**AIM OF THE EXERCISE**
All of the records are to be copied out exactly, with nothing left out.

___ THE RECORDS ___

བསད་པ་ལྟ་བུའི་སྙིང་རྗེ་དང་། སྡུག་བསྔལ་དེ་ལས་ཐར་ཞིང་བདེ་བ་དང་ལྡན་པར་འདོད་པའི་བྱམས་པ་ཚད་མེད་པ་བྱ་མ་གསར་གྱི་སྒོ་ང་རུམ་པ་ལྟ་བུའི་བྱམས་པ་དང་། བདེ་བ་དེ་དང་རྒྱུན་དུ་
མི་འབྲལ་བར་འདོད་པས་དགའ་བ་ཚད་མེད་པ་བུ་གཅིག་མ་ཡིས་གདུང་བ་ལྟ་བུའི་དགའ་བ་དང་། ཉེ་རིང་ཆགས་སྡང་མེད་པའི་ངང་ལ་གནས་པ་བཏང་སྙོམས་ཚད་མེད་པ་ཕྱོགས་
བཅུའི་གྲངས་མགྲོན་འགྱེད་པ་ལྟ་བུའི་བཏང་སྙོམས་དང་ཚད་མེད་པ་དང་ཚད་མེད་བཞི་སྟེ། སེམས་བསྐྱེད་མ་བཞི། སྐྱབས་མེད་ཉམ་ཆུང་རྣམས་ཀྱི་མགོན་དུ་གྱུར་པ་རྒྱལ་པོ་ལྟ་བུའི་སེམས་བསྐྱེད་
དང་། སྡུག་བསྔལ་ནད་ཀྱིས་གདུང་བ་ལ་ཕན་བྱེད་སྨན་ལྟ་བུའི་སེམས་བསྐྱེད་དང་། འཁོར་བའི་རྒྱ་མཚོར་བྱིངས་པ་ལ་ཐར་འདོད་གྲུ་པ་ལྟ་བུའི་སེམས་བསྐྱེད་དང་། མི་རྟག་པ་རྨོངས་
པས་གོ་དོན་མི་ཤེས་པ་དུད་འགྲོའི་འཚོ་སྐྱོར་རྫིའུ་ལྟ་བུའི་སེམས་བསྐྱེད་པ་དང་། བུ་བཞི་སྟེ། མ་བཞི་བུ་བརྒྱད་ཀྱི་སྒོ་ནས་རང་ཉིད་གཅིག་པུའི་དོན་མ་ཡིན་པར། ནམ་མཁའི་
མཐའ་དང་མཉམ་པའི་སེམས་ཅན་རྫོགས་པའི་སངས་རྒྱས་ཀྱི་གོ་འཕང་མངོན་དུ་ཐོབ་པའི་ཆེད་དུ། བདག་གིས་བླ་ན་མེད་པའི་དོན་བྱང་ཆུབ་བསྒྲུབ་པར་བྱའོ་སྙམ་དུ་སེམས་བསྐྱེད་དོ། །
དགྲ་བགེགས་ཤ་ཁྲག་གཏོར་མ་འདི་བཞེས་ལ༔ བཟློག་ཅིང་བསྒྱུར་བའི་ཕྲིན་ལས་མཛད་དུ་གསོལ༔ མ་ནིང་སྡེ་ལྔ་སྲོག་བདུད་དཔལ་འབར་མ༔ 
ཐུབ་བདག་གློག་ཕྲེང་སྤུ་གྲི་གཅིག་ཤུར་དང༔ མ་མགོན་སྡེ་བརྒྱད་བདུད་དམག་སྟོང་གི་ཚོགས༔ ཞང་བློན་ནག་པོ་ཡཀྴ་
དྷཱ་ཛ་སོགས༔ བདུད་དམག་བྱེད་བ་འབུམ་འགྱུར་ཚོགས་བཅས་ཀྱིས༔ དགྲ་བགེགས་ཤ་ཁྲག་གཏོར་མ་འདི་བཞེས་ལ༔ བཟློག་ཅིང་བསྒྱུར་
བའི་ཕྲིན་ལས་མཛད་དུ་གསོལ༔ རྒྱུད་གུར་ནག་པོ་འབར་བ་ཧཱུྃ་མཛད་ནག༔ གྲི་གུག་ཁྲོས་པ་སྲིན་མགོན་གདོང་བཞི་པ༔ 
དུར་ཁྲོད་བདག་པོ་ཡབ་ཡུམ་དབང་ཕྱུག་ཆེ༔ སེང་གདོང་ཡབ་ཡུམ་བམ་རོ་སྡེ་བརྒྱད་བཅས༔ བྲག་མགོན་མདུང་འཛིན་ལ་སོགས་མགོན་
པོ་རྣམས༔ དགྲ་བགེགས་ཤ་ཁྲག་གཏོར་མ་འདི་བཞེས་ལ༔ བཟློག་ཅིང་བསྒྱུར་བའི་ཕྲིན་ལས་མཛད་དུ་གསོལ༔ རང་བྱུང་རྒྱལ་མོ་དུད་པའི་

___

**EXERCISE ANSWER**
བསད་པ་ལྟ་བུའི་སྙིང་རྗེ་དང་། སྡུག་བསྔལ་དེ་ལས་ཐར་ཞིང་བདེ་བ་དང་ལྡན་པར་འདོད་པའི་བྱམས་པ་ཚད་མེད་པ་བྱ་མ་གསར་གྱི་སྒོ་ང་རུམ་པ་ལྟ་བུའི་བྱམས་པ་དང་། བདེ་བ་དེ་དང་རྒྱུན་དུ་
མི་འབྲལ་བར་འདོད་པས་དགའ་བ་ཚད་མེད་པ་བུ་གཅིག་མ་ཡིས་གདུང་བ་ལྟ་བུའི་དགའ་བ་དང་། ཉེ་རིང་ཆགས་སྡང་མེད་པའི་ངང་ལ་གནས་པ་བཏང་སྙོམས་ཚད་མེད་པ་ཕྱོགས་
བཅུའི་གྲངས་མགྲོན་འགྱེད་པ་ལྟ་བུའི་བཏང་སྙོམས་དང་ཚད་མེད་པ་དང་ཚད་མེད་བཞི་སྟེ། སེམས་བསྐྱེད་མ་བཞི། སྐྱབས་མེད་ཉམ་ཆུང་རྣམས་ཀྱི་མགོན་དུ་གྱུར་པ་རྒྱལ་པོ་ལྟ་བུའི་སེམས་བསྐྱེད་
དང་། སྡུག་བསྔལ་ནད་ཀྱིས་གདུང་བ་ལ་ཕན་བྱེད་སྨན་ལྟ་བུའི་སེམས་བསྐྱེད་དང་། འཁོར་བའི་རྒྱ་མཚོར་བྱིངས་པ་ལ་ཐར་འདོད་གྲུ་པ་ལྟ་བུའི་སེམས་བསྐྱེད་དང་། མི་རྟག་པ་རྨོངས་
པས་གོ་དོན་མི་ཤེས་པ་དུད་འགྲོའི་འཚོ་སྐྱོར་རྫིའུ་ལྟ་བུའི་སེམས་བསྐྱེད་པ་དང་། བུ་བཞི་སྟེ། མ་བཞི་བུ་བརྒྱད་ཀྱི་སྒོ་ནས་རང་ཉིད་གཅིག་པུའི་དོན་མ་ཡིན་པར། ནམ་མཁའི་
མཐའ་དང་མཉམ་པའི་སེམས་ཅན་རྫོགས་པའི་སངས་རྒྱས་ཀྱི་གོ་འཕང་མངོན་དུ་ཐོབ་པའི་ཆེད་དུ། བདག་གིས་བླ་ན་མེད་པའི་དོན་བྱང་ཆུབ་བསྒྲུབ་པར་བྱའོ་སྙམ་དུ་སེམས་བསྐྱེད་དོ། །
དགྲ་བགེགས་ཤ་ཁྲག་གཏོར་མ་འདི་བཞེས་ལ༔ བཟློག་ཅིང་བསྒྱུར་བའི་ཕྲིན་ལས་མཛད་དུ་གསོལ༔ མ་ནིང་སྡེ་ལྔ་སྲོག་བདུད་དཔལ་འབར་མ༔ 
ཐུབ་བདག་གློག་ཕྲེང་སྤུ་གྲི་གཅིག་ཤུར་དང༔ མ་མགོན་སྡེ་བརྒྱད་བདུད་དམག་སྟོང་གི་ཚོགས༔ ཞང་བློན་ནག་པོ་ཡཀྴ་
དྷཱ་ཛ་སོགས༔ བདུད་དམག་བྱེད་བ་འབུམ་འགྱུར་ཚོགས་བཅས་ཀྱིས༔ དགྲ་བགེགས་ཤ་ཁྲག་གཏོར་མ་འདི་བཞེས་ལ༔ བཟློག་ཅིང་བསྒྱུར་
བའི་ཕྲིན་ལས་མཛད་དུ་གསོལ༔ རྒྱུད་གུར་ནག་པོ་འབར་བ་ཧཱུྃ་མཛད་ནག༔ གྲི་གུག་ཁྲོས་པ་སྲིན་མགོན་གདོང་བཞི་པ༔ 
དུར་ཁྲོད་བདག་པོ་ཡབ་ཡུམ་དབང་ཕྱུག་ཆེ༔ སེང་གདོང་ཡབ་ཡུམ་བམ་རོ་སྡེ་བརྒྱད་བཅས༔ བྲག་མགོན་མདུང་འཛིན་ལ་སོགས་མགོན་
པོ་རྣམས༔ དགྲ་བགེགས་ཤ་ཁྲག་གཏོར་མ་འདི་བཞེས་ལ༔ བཟློག་ཅིང་བསྒྱུར་བའི་ཕྲིན་ལས་མཛད་དུ་གསོལ༔ རང་བྱུང་རྒྱལ་མོ་དུད་པའི་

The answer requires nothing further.